Dalam konteks Idul Fitri, Sunan Kalijaga juga memberikan sentuhan makna lain. Empat sisi ketupat direpresentasikan dengan lebaran, luberan, leburan dan laburan. Semua ini berhubungan dengan sikap manusia. Lebaran berarti pintu ampun yang dibuka lebar terhadap kesalahan orang lain. Luberan berarti melimpahi, memberi sedekah pada orang yang membutuhkan. Leburan berarti melebur dosa yang dilalui selama satu tahun. Adapun, laburan yakni menyucikan diri, putih kembali layaknya bayi (kompas.com, 1 Juni 2019).
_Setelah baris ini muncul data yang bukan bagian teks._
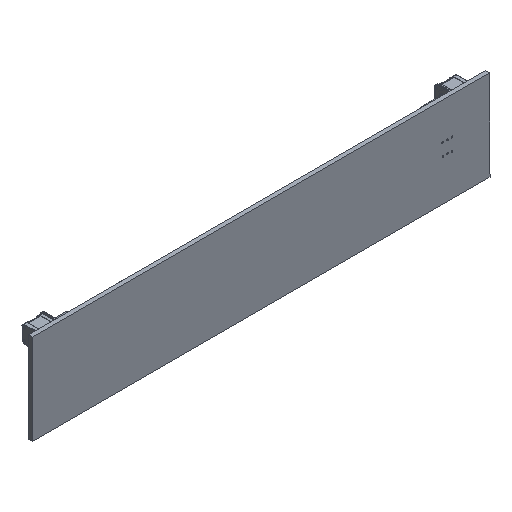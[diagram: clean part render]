
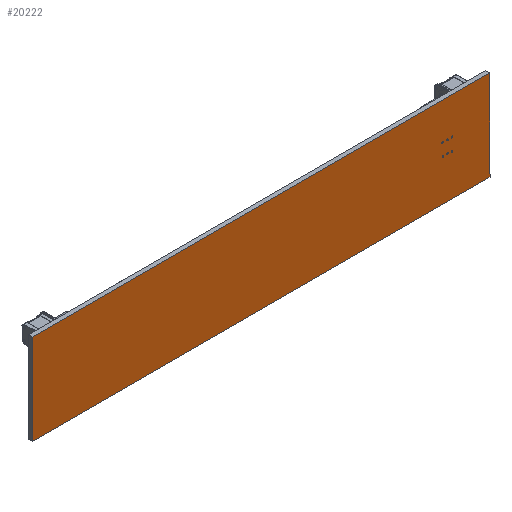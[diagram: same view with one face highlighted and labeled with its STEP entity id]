
A CAD part, isometric view. The second image highlights one B-rep face of the part: STEP entity #20222.
In plain terms, the highlighted planar face has unit normal (0, -1, 0).
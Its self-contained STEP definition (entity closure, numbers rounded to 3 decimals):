
#1408=FACE_BOUND('',#4245,.T.);
#1409=FACE_BOUND('',#4246,.T.);
#1410=FACE_BOUND('',#4247,.T.);
#1411=FACE_BOUND('',#4248,.T.);
#1412=FACE_BOUND('',#4249,.T.);
#1413=FACE_BOUND('',#4250,.T.);
#1809=PLANE('',#22741);
#2942=FACE_OUTER_BOUND('',#4244,.T.);
#4244=EDGE_LOOP('',(#18948,#18949,#18950,#18951));
#4245=EDGE_LOOP('',(#18952));
#4246=EDGE_LOOP('',(#18953));
#4247=EDGE_LOOP('',(#18954));
#4248=EDGE_LOOP('',(#18955));
#4249=EDGE_LOOP('',(#18956));
#4250=EDGE_LOOP('',(#18957));
#5481=LINE('',#48964,#6714);
#5484=LINE('',#48970,#6717);
#5487=LINE('',#48976,#6720);
#5490=LINE('',#48980,#6723);
#6714=VECTOR('',#28756,10.);
#6717=VECTOR('',#28761,10.);
#6720=VECTOR('',#28766,10.);
#6723=VECTOR('',#28771,10.);
#8068=CIRCLE('',#22720,2.);
#8070=CIRCLE('',#22723,2.);
#8072=CIRCLE('',#22726,2.);
#8074=CIRCLE('',#22729,2.);
#8076=CIRCLE('',#22732,2.);
#8078=CIRCLE('',#22735,2.);
#9996=VERTEX_POINT('',#48922);
#9998=VERTEX_POINT('',#48928);
#10000=VERTEX_POINT('',#48934);
#10002=VERTEX_POINT('',#48940);
#10004=VERTEX_POINT('',#48946);
#10006=VERTEX_POINT('',#48952);
#10010=VERTEX_POINT('',#48961);
#10011=VERTEX_POINT('',#48963);
#10013=VERTEX_POINT('',#48969);
#10015=VERTEX_POINT('',#48975);
#12970=EDGE_CURVE('',#9996,#9996,#8068,.T.);
#12973=EDGE_CURVE('',#9998,#9998,#8070,.T.);
#12976=EDGE_CURVE('',#10000,#10000,#8072,.T.);
#12979=EDGE_CURVE('',#10002,#10002,#8074,.T.);
#12982=EDGE_CURVE('',#10004,#10004,#8076,.T.);
#12985=EDGE_CURVE('',#10006,#10006,#8078,.T.);
#12990=EDGE_CURVE('',#10011,#10010,#5481,.T.);
#12993=EDGE_CURVE('',#10013,#10011,#5484,.T.);
#12996=EDGE_CURVE('',#10015,#10013,#5487,.T.);
#12999=EDGE_CURVE('',#10010,#10015,#5490,.T.);
#18948=ORIENTED_EDGE('',*,*,#12999,.T.);
#18949=ORIENTED_EDGE('',*,*,#12996,.T.);
#18950=ORIENTED_EDGE('',*,*,#12993,.T.);
#18951=ORIENTED_EDGE('',*,*,#12990,.T.);
#18952=ORIENTED_EDGE('',*,*,#12985,.T.);
#18953=ORIENTED_EDGE('',*,*,#12982,.T.);
#18954=ORIENTED_EDGE('',*,*,#12979,.T.);
#18955=ORIENTED_EDGE('',*,*,#12976,.T.);
#18956=ORIENTED_EDGE('',*,*,#12973,.T.);
#18957=ORIENTED_EDGE('',*,*,#12970,.T.);
#20222=ADVANCED_FACE('',(#2942,#1408,#1409,#1410,#1411,#1412,#1413),#1809,
 .T.);
#22720=AXIS2_PLACEMENT_3D('',#48923,#28712,#28713);
#22723=AXIS2_PLACEMENT_3D('',#48929,#28719,#28720);
#22726=AXIS2_PLACEMENT_3D('',#48935,#28726,#28727);
#22729=AXIS2_PLACEMENT_3D('',#48941,#28733,#28734);
#22732=AXIS2_PLACEMENT_3D('',#48947,#28740,#28741);
#22735=AXIS2_PLACEMENT_3D('',#48953,#28747,#28748);
#22741=AXIS2_PLACEMENT_3D('',#48981,#28772,#28773);
#28712=DIRECTION('center_axis',(0.,1.,0.));
#28713=DIRECTION('ref_axis',(1.,0.,0.));
#28719=DIRECTION('center_axis',(0.,1.,0.));
#28720=DIRECTION('ref_axis',(1.,0.,0.));
#28726=DIRECTION('center_axis',(0.,1.,0.));
#28727=DIRECTION('ref_axis',(1.,0.,0.));
#28733=DIRECTION('center_axis',(0.,1.,0.));
#28734=DIRECTION('ref_axis',(1.,0.,0.));
#28740=DIRECTION('center_axis',(0.,1.,0.));
#28741=DIRECTION('ref_axis',(1.,0.,0.));
#28747=DIRECTION('center_axis',(0.,1.,0.));
#28748=DIRECTION('ref_axis',(1.,0.,0.));
#28756=DIRECTION('',(0.,0.,-1.));
#28761=DIRECTION('',(-1.,0.,0.));
#28766=DIRECTION('',(0.,0.,1.));
#28771=DIRECTION('',(1.,0.,0.));
#28772=DIRECTION('center_axis',(0.,-1.,0.));
#28773=DIRECTION('ref_axis',(1.,0.,0.));
#48922=CARTESIAN_POINT('',(870.5,-26.4,27.625));
#48923=CARTESIAN_POINT('Origin',(872.5,-26.4,27.625));
#48928=CARTESIAN_POINT('',(893.5,-26.4,27.875));
#48929=CARTESIAN_POINT('Origin',(895.5,-26.4,27.875));
#48934=CARTESIAN_POINT('',(882.,-26.4,58.375));
#48935=CARTESIAN_POINT('Origin',(884.,-26.4,58.375));
#48940=CARTESIAN_POINT('',(882.,-26.4,28.375));
#48941=CARTESIAN_POINT('Origin',(884.,-26.4,28.375));
#48946=CARTESIAN_POINT('',(870.25,-26.4,58.875));
#48947=CARTESIAN_POINT('Origin',(872.25,-26.4,58.875));
#48952=CARTESIAN_POINT('',(893.5,-26.4,58.875));
#48953=CARTESIAN_POINT('Origin',(895.5,-26.4,58.875));
#48961=CARTESIAN_POINT('',(-150.,-26.4,-75.));
#48963=CARTESIAN_POINT('',(-150.,-26.4,150.));
#48964=CARTESIAN_POINT('',(-150.,-26.4,-75.));
#48969=CARTESIAN_POINT('',(990.,-26.4,150.));
#48970=CARTESIAN_POINT('',(-150.,-26.4,150.));
#48975=CARTESIAN_POINT('',(990.,-26.4,-75.));
#48976=CARTESIAN_POINT('',(990.,-26.4,150.));
#48980=CARTESIAN_POINT('',(990.,-26.4,-75.));
#48981=CARTESIAN_POINT('Origin',(420.,-26.4,37.5));
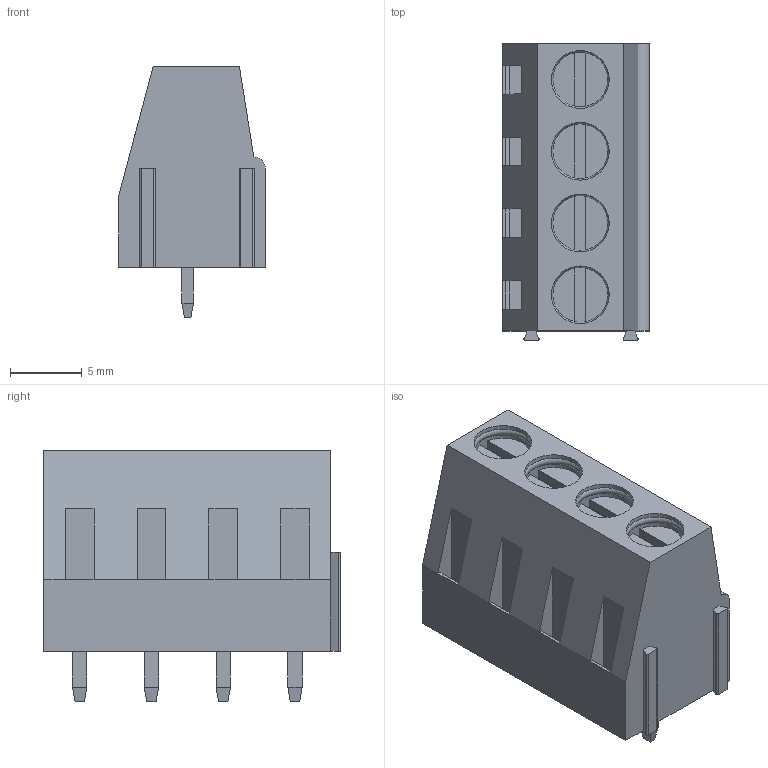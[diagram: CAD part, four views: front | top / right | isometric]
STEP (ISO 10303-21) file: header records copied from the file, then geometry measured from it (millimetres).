
FILE_DESCRIPTION(/* description */ ('Unknown'),/* implementation_level */ '2;1');
FILE_NAME(/* name */ 'MB310-500M04_20230306',/* time_stamp */ '2023-03-06T16:33:24+08:00',/* author */ ('Unknown'),/* organization */ ('Unknown'),/* preprocessor_version */ 'ST-DEVELOPER v16.7',/* originating_system */ 'DEX',/* authorisation */ $);
FILE_SCHEMA (('AUTOMOTIVE_DESIGN {1 0 10303 214 3 1 1}'));
Length unit declared in the file: millimetre
Products named in the file (1): MB310-500M04_20190911
Bounding box: 10.2 x 20.65 x 17.5 mm (x, y, z)
Volume: 2271.4 mm3; surface area: 1689.2 mm2
Topology: 5 solids, 5 shells, 161 faces, 385 edges, 246 vertices
Faces by surface type: plane 136, cylinder 21, torus 4
Full cylindrical faces by diameter (mm): 3.826 x4, 4.026 x8
Entity records: 5606 total; most frequent: CARTESIAN_POINT 769, DIRECTION 743, ORIENTED_EDGE 730, EDGE_CURVE 365, LINE 311, VECTOR 311, VERTEX_POINT 242, AXIS2_PLACEMENT_3D 216
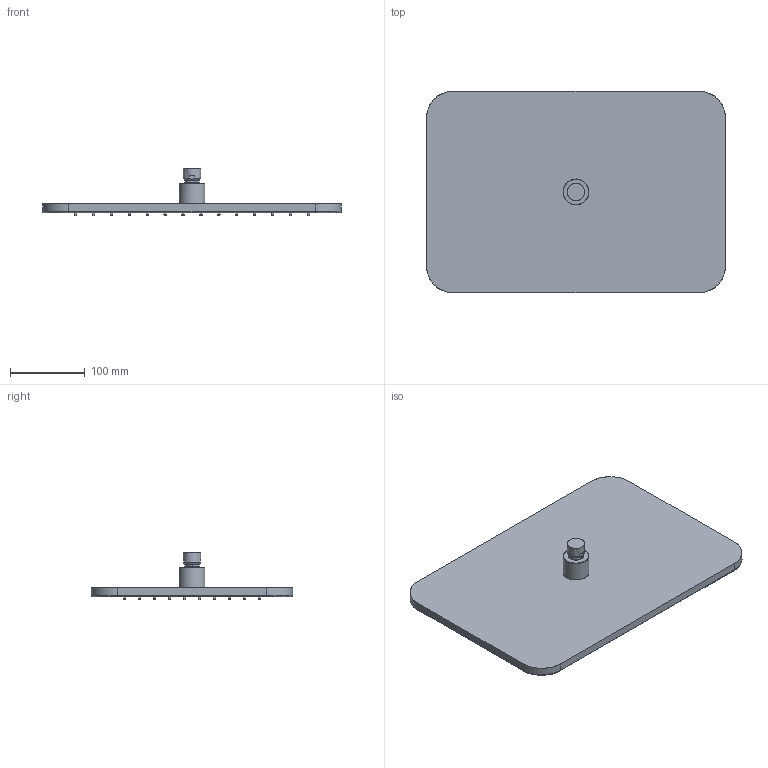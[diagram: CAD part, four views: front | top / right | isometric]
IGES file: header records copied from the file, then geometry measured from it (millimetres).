
Start section: C
Global section: file name: GL106_00.igs; native system: By Siemens PLM Incorporated; preprocessor: XPlus GENERIC/IGES 21.0.46; author: Author; organization: Title; date: 20210412.145757; units: millimetre
Bounding box: 400 x 270 x 64 mm (x, y, z)
Surface area: 239006.8 mm2 (no closed solid volume)
Topology: 0 solids, 0 shells, 1294 faces, 6893 edges, 6893 vertices
Faces by surface type: bspline 1294

Baca juga:  Tradisi Masohi Membentuk Karakter Sosial Orang Maluku

Anton Kurnia (2014) menyebut ketika seseorang menyajikan ketupat kepada saudara atau tamu yang datang, hal itu menjadi simbolisme pilihan sikap untuk mengakui kesalahan dan kesadaran diri untuk bersedia meminta maaf. Karena mereka meyakini bahwa siapa yang mau dan mampu meminta maaf terlebih dahulu, maka dialah yang menang. Siapa yang mampu merangkul lawannya, maka derajat wibawanya lebih tinggi. Menang tanpa jemawa, kalah tanpa terhina.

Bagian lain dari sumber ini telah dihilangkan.